Dobrindt ist noch da. Auf CSU-Parteitagen sitzt der 47-Jährige inzwischen in der ersten Reihe, fast ganz in der Mitte. In dieser Woche zieht er bei dem Auftritt die Fäden, mit dem die CSU jeden Januar die politische Weihnachtsruhe beendet: Die CSU-Bundestagsabgeordneten kommen von Donnerstag bis Samstag zu ihrer Klausurtagung im Kloster Seeon zusammen, zum traditionellen Jahresanfangsgepolter in der bayerischen Voralpenlandschaft.

Dobrindt ist seit der Bundestagswahl der Chef der CSU-Bundestagsabgeordneten und damit Gastgeber der Veranstaltung, die mindestens so viel Show wie Positionsbestimmung ist. Es geht darum, wahrgenommen zu werden, und dafür gibt es Papiere mit möglichst rabiaten Forderungen und Gäste mit Spektakelwert. Dobrindt hat dieses Mal den ungarischen Ministerpräsident Victor Orban geladen, die Anti-Merkel-Figur der EU, und einen Investor, der regelmäßig in einer Fernsehshow auftritt.

Von den fünf jungen Abgeordneten, die vor zehn Jahren auf der Zugspitze standen und einem Chef im Untergang zujubelten, ist Dobrindt am weitesten gekommen. Er ist jetzt einer der mächtigsten Männer in der CSU und gleichzeitig einer der lautesten und der rätselhaftesten.

Die Macht kommt aus der Position. Es ist zwar nur eine kleine Truppe von nur 46 Personen, der er vorsitzt, und der Titel CSU-Landesgruppenchef klingt auch eher nach Stammtisch in der Dorfgaststätte.
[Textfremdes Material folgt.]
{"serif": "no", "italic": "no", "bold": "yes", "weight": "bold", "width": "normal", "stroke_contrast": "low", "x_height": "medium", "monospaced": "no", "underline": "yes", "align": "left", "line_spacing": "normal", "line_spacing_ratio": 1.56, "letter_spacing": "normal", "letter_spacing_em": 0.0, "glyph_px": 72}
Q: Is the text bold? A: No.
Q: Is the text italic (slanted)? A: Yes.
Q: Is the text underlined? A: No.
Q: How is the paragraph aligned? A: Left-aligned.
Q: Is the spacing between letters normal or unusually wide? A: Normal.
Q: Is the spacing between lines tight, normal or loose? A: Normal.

Aber dieser Chef ist der oberste Repräsentant der CSU in Berlin; wenn die Union regiert, sitzt er in allen Koalitionsrunden. Auf der Internetseite hat Dobrindt die Landesgruppe durch „CSU im Bundestag“ ersetzt. Dobrindts Lautstärke ist nicht unbedingt in Dezibel zu messen, außer er trifft auf politische Gegner wie den Grünen-Fraktionschef Anton Hofreiter. Mit dem hat er sich in den Sondierungsrunden dem Vernehmen nach auch schon mal angeschrien. Das ist deshalb bemerkenswert, weil Dobrindt sich öffentlich stets Mühe gibt, die Contenance zu wahren, zumindest im Ton.
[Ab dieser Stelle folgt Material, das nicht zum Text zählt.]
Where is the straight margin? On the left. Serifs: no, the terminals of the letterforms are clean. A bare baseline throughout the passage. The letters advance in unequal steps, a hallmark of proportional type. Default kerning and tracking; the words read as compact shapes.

Er hat eine weiche Aussprache, er macht kurze Pausen, bevor er antwortet, sein Gesicht bleibt ungerührt, manchmal lässt er ein kleines Lächeln stehen, während er redet. Von Zurückhaltung allerdings lässt sich dann nicht sprechen. Die gab es nur während seiner vier Jahre als Verkehrsminister. Da hatte er sich – außer beim Thema Pkw-Maut – ziemlich rar gemacht. Davor und danach, als CSU-Generalsekretär und jetzt als Landesgruppenchef, war und ist keine Lupe mehr nötig, um Dobrindt zu finden.

Vier Wochen lang verhandelten CDU, CSU, FDP und Grüne über eine gemeinsame Regierung. Vier Wochen lang ging die Kanzlerin wortlos vorbei an den Kameras. Vier Wochen lang sagte FDP-Chef Christian Lindner, man müsse mal sehen. Der CSU-Vorsitzende Horst Seehofer lächelte sphinxartig und behauptete, er sei zuversichtlich.